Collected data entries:
Content starts

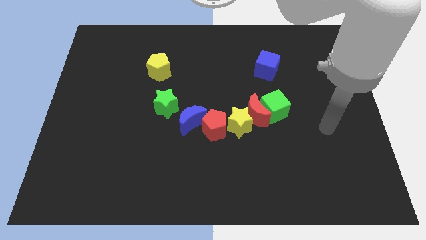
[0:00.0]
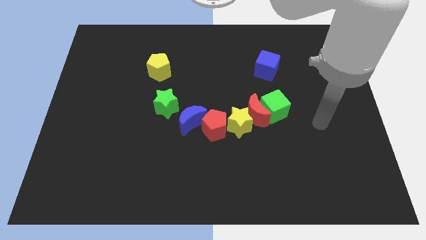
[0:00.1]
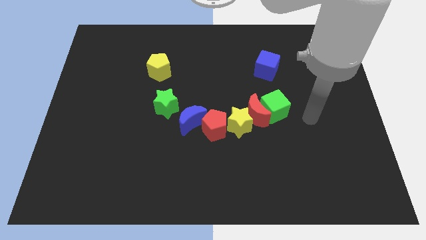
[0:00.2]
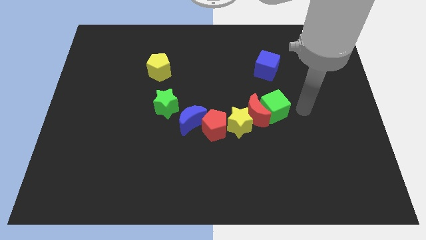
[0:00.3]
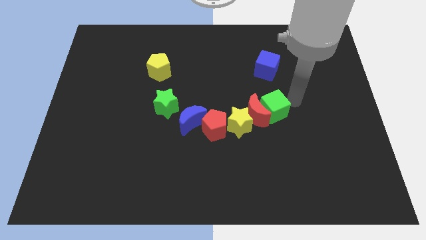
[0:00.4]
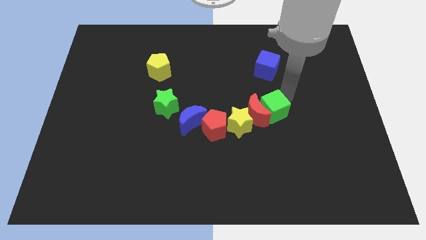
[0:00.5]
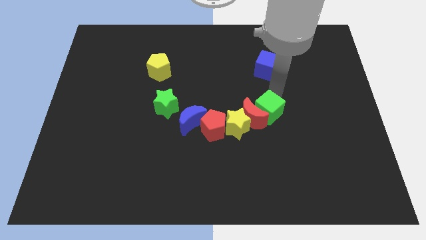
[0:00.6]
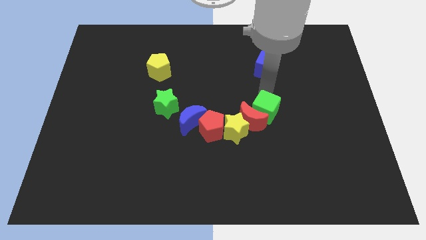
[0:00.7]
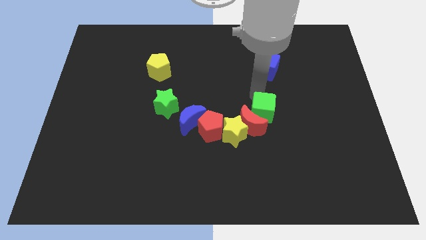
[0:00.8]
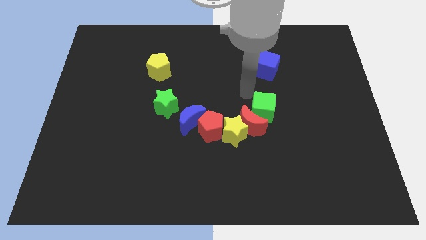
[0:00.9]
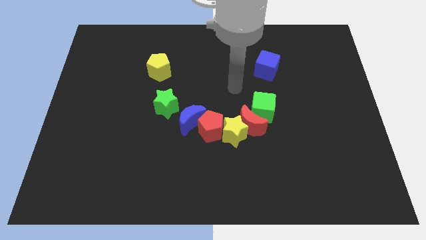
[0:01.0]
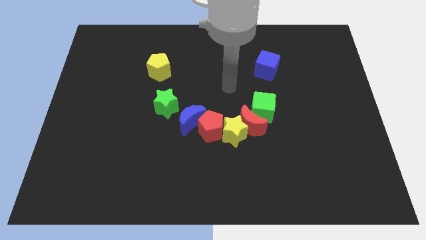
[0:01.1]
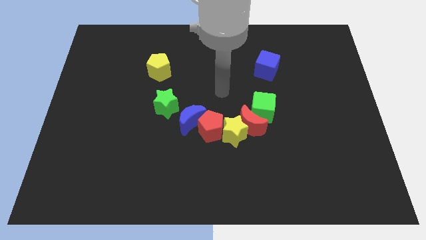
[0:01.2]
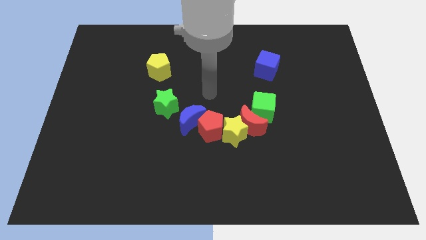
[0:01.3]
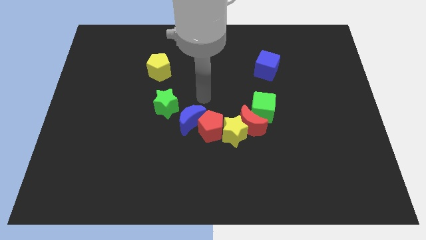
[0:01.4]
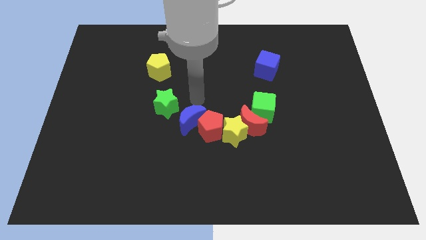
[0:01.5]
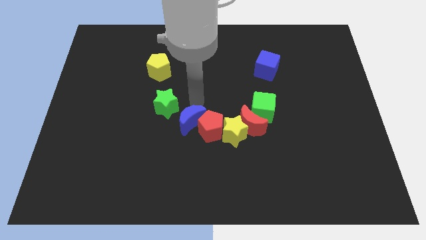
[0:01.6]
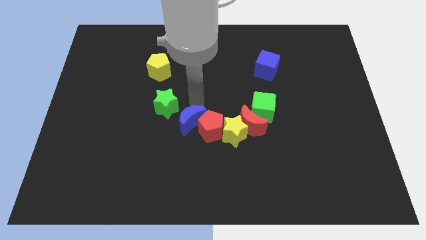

Content ends

_ASSIGNMENT_:
Your answer must be an exact copy of the records, without the pictures.

_ANSWER BELOW_:
[0:00.0]
[0:00.1]
[0:00.2]
[0:00.3]
[0:00.4]
[0:00.5]
[0:00.6]
[0:00.7]
[0:00.8]
[0:00.9]
[0:01.0]
[0:01.1]
[0:01.2]
[0:01.3]
[0:01.4]
[0:01.5]
[0:01.6]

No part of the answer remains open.